- [THE PROBLEM]:
When you reach a picture, pass over it; otherwise repeat the listing word for word.

- [SUPPLIED DATA]:
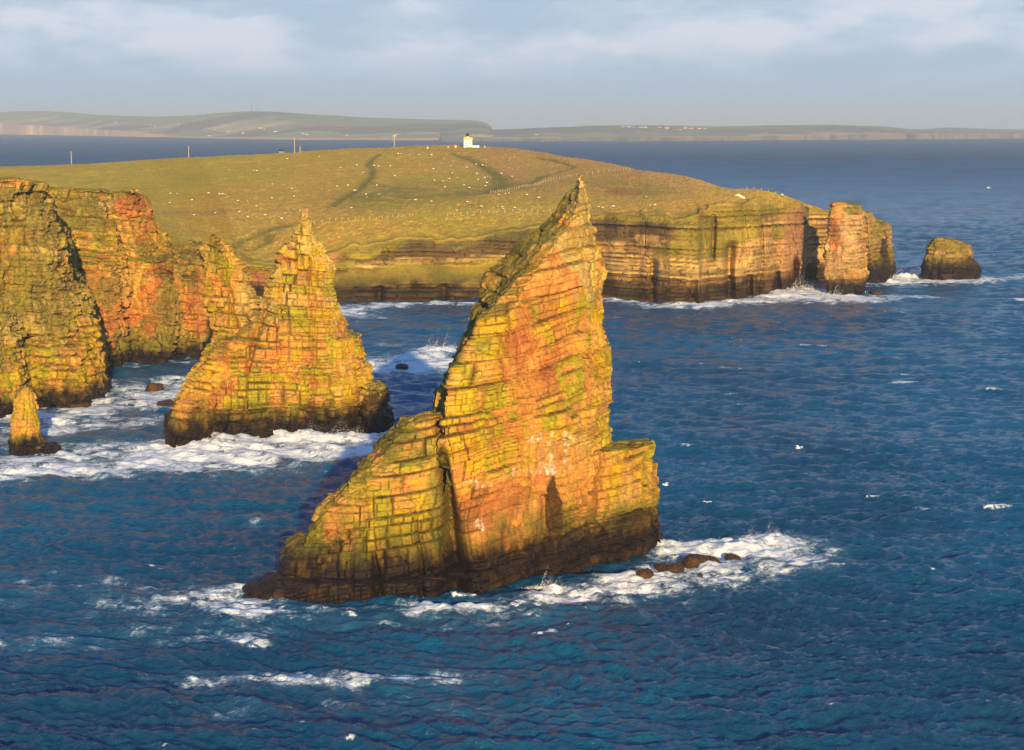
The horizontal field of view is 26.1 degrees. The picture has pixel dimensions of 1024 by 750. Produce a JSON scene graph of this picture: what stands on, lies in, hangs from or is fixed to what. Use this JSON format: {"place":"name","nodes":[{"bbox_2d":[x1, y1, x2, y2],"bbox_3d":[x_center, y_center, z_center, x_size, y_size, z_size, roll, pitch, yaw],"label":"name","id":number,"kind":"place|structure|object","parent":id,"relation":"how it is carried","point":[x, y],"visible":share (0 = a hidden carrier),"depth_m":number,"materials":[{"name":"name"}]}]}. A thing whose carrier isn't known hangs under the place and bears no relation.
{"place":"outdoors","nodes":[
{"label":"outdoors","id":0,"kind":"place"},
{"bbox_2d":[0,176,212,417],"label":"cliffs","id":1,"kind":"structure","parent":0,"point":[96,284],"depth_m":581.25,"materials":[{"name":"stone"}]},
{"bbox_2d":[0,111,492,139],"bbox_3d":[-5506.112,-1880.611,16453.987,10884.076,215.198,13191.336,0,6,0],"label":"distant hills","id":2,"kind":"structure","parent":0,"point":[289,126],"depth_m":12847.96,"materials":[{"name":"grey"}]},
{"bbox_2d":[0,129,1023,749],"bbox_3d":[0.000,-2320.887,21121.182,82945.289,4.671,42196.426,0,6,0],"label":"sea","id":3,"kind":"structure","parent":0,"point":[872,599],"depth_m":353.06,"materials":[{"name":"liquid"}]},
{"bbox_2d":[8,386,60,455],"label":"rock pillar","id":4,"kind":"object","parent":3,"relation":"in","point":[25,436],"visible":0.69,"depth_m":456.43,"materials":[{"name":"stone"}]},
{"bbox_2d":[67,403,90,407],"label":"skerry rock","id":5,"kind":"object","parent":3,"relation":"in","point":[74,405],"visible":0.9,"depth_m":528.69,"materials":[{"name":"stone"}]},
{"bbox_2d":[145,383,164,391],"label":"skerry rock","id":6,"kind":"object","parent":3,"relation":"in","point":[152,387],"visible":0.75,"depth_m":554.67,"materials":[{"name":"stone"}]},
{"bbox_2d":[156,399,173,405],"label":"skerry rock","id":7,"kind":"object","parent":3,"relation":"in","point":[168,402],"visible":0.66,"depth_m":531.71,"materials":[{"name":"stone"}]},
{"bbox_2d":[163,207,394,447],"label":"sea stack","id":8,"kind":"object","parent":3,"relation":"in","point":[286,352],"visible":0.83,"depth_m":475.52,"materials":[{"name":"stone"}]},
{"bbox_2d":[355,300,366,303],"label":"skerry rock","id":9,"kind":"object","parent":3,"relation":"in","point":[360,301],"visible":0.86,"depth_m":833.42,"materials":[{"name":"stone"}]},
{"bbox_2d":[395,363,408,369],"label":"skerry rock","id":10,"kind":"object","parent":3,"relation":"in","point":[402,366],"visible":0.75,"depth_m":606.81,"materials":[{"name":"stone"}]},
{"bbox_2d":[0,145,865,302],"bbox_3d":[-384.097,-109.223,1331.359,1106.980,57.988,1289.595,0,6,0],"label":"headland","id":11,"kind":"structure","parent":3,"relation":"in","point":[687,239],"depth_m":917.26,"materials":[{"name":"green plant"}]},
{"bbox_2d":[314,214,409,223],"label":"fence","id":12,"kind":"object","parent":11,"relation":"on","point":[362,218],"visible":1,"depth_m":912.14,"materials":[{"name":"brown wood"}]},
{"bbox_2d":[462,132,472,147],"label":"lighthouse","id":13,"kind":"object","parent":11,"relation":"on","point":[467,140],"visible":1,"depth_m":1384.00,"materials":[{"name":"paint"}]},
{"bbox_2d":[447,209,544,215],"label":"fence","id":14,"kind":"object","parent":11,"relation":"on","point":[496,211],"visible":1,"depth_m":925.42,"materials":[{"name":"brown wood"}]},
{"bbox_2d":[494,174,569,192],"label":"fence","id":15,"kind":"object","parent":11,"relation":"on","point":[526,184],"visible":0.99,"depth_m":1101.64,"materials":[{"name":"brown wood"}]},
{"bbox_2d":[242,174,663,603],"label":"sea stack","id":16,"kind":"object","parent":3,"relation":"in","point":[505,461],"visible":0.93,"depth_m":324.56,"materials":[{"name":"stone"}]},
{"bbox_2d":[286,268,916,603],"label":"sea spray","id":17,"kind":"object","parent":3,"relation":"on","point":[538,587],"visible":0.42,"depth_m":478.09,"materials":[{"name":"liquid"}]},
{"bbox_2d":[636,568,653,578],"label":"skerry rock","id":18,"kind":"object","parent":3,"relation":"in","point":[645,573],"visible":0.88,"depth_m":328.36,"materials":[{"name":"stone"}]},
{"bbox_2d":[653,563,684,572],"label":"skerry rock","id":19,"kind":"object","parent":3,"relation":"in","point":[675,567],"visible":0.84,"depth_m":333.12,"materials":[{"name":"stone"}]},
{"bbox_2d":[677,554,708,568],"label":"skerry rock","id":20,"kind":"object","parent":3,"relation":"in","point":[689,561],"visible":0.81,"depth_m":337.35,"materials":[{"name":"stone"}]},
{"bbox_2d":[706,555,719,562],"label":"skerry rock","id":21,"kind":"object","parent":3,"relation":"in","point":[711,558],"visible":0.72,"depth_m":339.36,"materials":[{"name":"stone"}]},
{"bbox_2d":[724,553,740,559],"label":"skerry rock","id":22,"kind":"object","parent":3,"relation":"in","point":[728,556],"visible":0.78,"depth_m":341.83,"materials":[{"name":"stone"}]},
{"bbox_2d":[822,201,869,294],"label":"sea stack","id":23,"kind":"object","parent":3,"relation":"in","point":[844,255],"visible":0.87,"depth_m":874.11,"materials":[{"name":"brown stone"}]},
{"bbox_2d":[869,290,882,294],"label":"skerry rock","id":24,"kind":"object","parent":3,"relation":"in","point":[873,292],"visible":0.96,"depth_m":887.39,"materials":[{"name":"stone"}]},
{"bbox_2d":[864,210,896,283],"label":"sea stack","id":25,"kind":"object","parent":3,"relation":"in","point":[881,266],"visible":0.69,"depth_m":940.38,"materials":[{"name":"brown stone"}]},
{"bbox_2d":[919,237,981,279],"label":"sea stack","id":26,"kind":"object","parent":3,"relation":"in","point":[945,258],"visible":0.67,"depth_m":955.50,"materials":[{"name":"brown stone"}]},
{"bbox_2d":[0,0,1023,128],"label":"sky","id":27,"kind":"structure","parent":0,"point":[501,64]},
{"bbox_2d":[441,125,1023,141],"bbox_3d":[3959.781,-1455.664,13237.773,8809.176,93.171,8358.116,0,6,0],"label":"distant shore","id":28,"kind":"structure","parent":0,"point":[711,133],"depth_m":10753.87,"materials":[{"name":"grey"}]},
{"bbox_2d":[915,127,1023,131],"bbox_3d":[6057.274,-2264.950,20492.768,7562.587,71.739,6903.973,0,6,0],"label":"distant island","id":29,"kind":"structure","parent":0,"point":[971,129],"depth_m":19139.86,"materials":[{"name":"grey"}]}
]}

- [ANSWER SPACE]:
The horizontal field of view is 26.1 degrees. The picture has pixel dimensions of 1024 by 750. Produce a JSON scene graph of this picture: what stands on, lies in, hangs from or is fixed to what. Use this JSON format: {"place":"name","nodes":[{"bbox_2d":[x1, y1, x2, y2],"bbox_3d":[x_center, y_center, z_center, x_size, y_size, z_size, roll, pitch, yaw],"label":"name","id":number,"kind":"place|structure|object","parent":id,"relation":"how it is carried","point":[x, y],"visible":share (0 = a hidden carrier),"depth_m":number,"materials":[{"name":"name"}]}]}. A thing whose carrier isn't known hangs under the place and bears no relation.
{"place":"outdoors","nodes":[
{"label":"outdoors","id":0,"kind":"place"},
{"bbox_2d":[0,176,212,417],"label":"cliffs","id":1,"kind":"structure","parent":0,"point":[96,284],"depth_m":581.25,"materials":[{"name":"stone"}]},
{"bbox_2d":[0,111,492,139],"bbox_3d":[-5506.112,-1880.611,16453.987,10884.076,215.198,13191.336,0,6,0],"label":"distant hills","id":2,"kind":"structure","parent":0,"point":[289,126],"depth_m":12847.96,"materials":[{"name":"grey"}]},
{"bbox_2d":[0,129,1023,749],"bbox_3d":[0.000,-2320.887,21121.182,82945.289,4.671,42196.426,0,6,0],"label":"sea","id":3,"kind":"structure","parent":0,"point":[872,599],"depth_m":353.06,"materials":[{"name":"liquid"}]},
{"bbox_2d":[8,386,60,455],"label":"rock pillar","id":4,"kind":"object","parent":3,"relation":"in","point":[25,436],"visible":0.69,"depth_m":456.43,"materials":[{"name":"stone"}]},
{"bbox_2d":[67,403,90,407],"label":"skerry rock","id":5,"kind":"object","parent":3,"relation":"in","point":[74,405],"visible":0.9,"depth_m":528.69,"materials":[{"name":"stone"}]},
{"bbox_2d":[145,383,164,391],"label":"skerry rock","id":6,"kind":"object","parent":3,"relation":"in","point":[152,387],"visible":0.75,"depth_m":554.67,"materials":[{"name":"stone"}]},
{"bbox_2d":[156,399,173,405],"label":"skerry rock","id":7,"kind":"object","parent":3,"relation":"in","point":[168,402],"visible":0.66,"depth_m":531.71,"materials":[{"name":"stone"}]},
{"bbox_2d":[163,207,394,447],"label":"sea stack","id":8,"kind":"object","parent":3,"relation":"in","point":[286,352],"visible":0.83,"depth_m":475.52,"materials":[{"name":"stone"}]},
{"bbox_2d":[355,300,366,303],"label":"skerry rock","id":9,"kind":"object","parent":3,"relation":"in","point":[360,301],"visible":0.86,"depth_m":833.42,"materials":[{"name":"stone"}]},
{"bbox_2d":[395,363,408,369],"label":"skerry rock","id":10,"kind":"object","parent":3,"relation":"in","point":[402,366],"visible":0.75,"depth_m":606.81,"materials":[{"name":"stone"}]},
{"bbox_2d":[0,145,865,302],"bbox_3d":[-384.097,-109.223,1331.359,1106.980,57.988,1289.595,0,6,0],"label":"headland","id":11,"kind":"structure","parent":3,"relation":"in","point":[687,239],"depth_m":917.26,"materials":[{"name":"green plant"}]},
{"bbox_2d":[314,214,409,223],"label":"fence","id":12,"kind":"object","parent":11,"relation":"on","point":[362,218],"visible":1,"depth_m":912.14,"materials":[{"name":"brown wood"}]},
{"bbox_2d":[462,132,472,147],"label":"lighthouse","id":13,"kind":"object","parent":11,"relation":"on","point":[467,140],"visible":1,"depth_m":1384.00,"materials":[{"name":"paint"}]},
{"bbox_2d":[447,209,544,215],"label":"fence","id":14,"kind":"object","parent":11,"relation":"on","point":[496,211],"visible":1,"depth_m":925.42,"materials":[{"name":"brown wood"}]},
{"bbox_2d":[494,174,569,192],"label":"fence","id":15,"kind":"object","parent":11,"relation":"on","point":[526,184],"visible":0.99,"depth_m":1101.64,"materials":[{"name":"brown wood"}]},
{"bbox_2d":[242,174,663,603],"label":"sea stack","id":16,"kind":"object","parent":3,"relation":"in","point":[505,461],"visible":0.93,"depth_m":324.56,"materials":[{"name":"stone"}]},
{"bbox_2d":[286,268,916,603],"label":"sea spray","id":17,"kind":"object","parent":3,"relation":"on","point":[538,587],"visible":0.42,"depth_m":478.09,"materials":[{"name":"liquid"}]},
{"bbox_2d":[636,568,653,578],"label":"skerry rock","id":18,"kind":"object","parent":3,"relation":"in","point":[645,573],"visible":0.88,"depth_m":328.36,"materials":[{"name":"stone"}]},
{"bbox_2d":[653,563,684,572],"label":"skerry rock","id":19,"kind":"object","parent":3,"relation":"in","point":[675,567],"visible":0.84,"depth_m":333.12,"materials":[{"name":"stone"}]},
{"bbox_2d":[677,554,708,568],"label":"skerry rock","id":20,"kind":"object","parent":3,"relation":"in","point":[689,561],"visible":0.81,"depth_m":337.35,"materials":[{"name":"stone"}]},
{"bbox_2d":[706,555,719,562],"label":"skerry rock","id":21,"kind":"object","parent":3,"relation":"in","point":[711,558],"visible":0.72,"depth_m":339.36,"materials":[{"name":"stone"}]},
{"bbox_2d":[724,553,740,559],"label":"skerry rock","id":22,"kind":"object","parent":3,"relation":"in","point":[728,556],"visible":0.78,"depth_m":341.83,"materials":[{"name":"stone"}]},
{"bbox_2d":[822,201,869,294],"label":"sea stack","id":23,"kind":"object","parent":3,"relation":"in","point":[844,255],"visible":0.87,"depth_m":874.11,"materials":[{"name":"brown stone"}]},
{"bbox_2d":[869,290,882,294],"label":"skerry rock","id":24,"kind":"object","parent":3,"relation":"in","point":[873,292],"visible":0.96,"depth_m":887.39,"materials":[{"name":"stone"}]},
{"bbox_2d":[864,210,896,283],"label":"sea stack","id":25,"kind":"object","parent":3,"relation":"in","point":[881,266],"visible":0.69,"depth_m":940.38,"materials":[{"name":"brown stone"}]},
{"bbox_2d":[919,237,981,279],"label":"sea stack","id":26,"kind":"object","parent":3,"relation":"in","point":[945,258],"visible":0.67,"depth_m":955.50,"materials":[{"name":"brown stone"}]},
{"bbox_2d":[0,0,1023,128],"label":"sky","id":27,"kind":"structure","parent":0,"point":[501,64]},
{"bbox_2d":[441,125,1023,141],"bbox_3d":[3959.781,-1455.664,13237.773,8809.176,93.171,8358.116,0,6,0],"label":"distant shore","id":28,"kind":"structure","parent":0,"point":[711,133],"depth_m":10753.87,"materials":[{"name":"grey"}]},
{"bbox_2d":[915,127,1023,131],"bbox_3d":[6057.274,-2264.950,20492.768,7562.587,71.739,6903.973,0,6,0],"label":"distant island","id":29,"kind":"structure","parent":0,"point":[971,129],"depth_m":19139.86,"materials":[{"name":"grey"}]}
]}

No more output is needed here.